The acceptors (the orange histogram) have a mean utility of 0.730 while the proposers (blue histogram) do much better with a mean of 0.870. Both sides do much better than the 0.5 average utility that they would average if we just used a random (non-stable) matching.

It is clear that proposers do much better than acceptors. That suggests that the stable_matching algorithm is very unfair. But before drawing that conclusion, let's consider preferences with a 50/50 mix of private/common value. We'll do that for two different population sizes, 25 and 50:

In [26]:

show(c=0.5, N=25)

10,000 examples with N = 25 actors, common value ratio c = 0.5
    Acceptors: 0.621 ± 0.021
    Proposers: 0.638 ± 0.019

In [27]:

show(c=0.5, N=50)

10,000 examples with N = 50 actors, common value ratio c = 0.5
    Acceptors: 0.647 ± 0.013
    Proposers: 0.661 ± 0.012

We see that the gap between proposer and acceptor has been greatly reduced (but not eliminated). With more actors, the variance is smaller (the histogram is not as wide).

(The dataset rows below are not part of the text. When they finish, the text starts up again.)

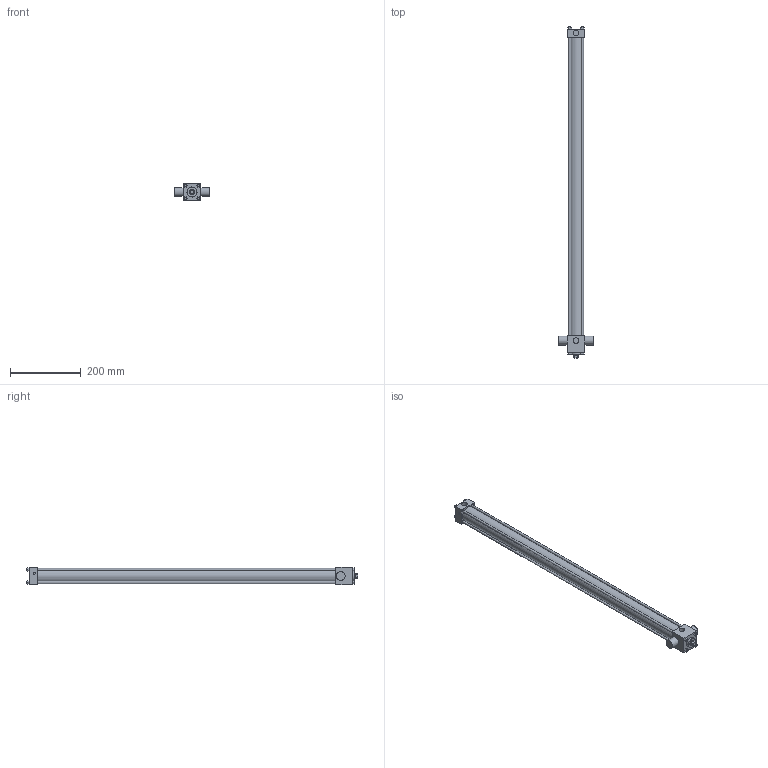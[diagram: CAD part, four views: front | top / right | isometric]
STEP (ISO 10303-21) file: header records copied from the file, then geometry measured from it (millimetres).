
FILE_DESCRIPTION((' Parasolid data model '),'2;1');
FILE_NAME('GSSL','1999-12-15T14:50:56+00:00',(' GSSL '),(' GSSL Pune '),'','GSSL Pune','Author');
FILE_SCHEMA(('CONFIG_CONTROL_DESIGN'));
Length unit declared in the file: millimetre
Bounding box: 101.6 x 939.01 x 50.8 mm (x, y, z)
Surface area: 211303.3 mm2 (no closed solid volume)
Topology: 0 solids, 9 shells, 120 faces, 313 edges, 225 vertices
Faces by surface type: plane 92, cylinder 28
Full cylindrical faces by diameter (mm): 5.556 x4, 6.35 x12, 11.113 x1, 15.875 x1, 15.926 x2, 25.4 x2, 28.575 x1, 42.926 x1
Entity records: 3944 total; most frequent: CARTESIAN_POINT 706, DIRECTION 620, ORIENTED_EDGE 533, EDGE_CURVE 328, LINE 272, VECTOR 272, VERTEX_POINT 260, EDGE_LOOP 194

What happens with 90% common value? How aboout 99%?

In [28]:

show(c=0.9)

10,000 examples with N = 25 actors, common value ratio c = 0.9
    Acceptors: 0.509 ± 0.005
    Proposers: 0.510 ± 0.005

In [29]:

show(c=0.99)

10,000 examples with N = 25 actors, common value ratio c = 0.99
    Acceptors: 0.500 ± 0.001
    Proposers: 0.500 ± 0.001

We see that there is very little difference between the two sides. So the conclusion is: when there is a lot of common value, the Gale-Shapley Matching Algorithm is almost fair: the proposers have an advantage, but it is minimal. So it is probably okay to use the algorithm for matching medical residents, because there is a lot of common value in the perception of the quality of hospitals, and likewise for the quality of students.

But when there is mostly private value, the algorithm is unfair, favoring the proposers over the acceptors.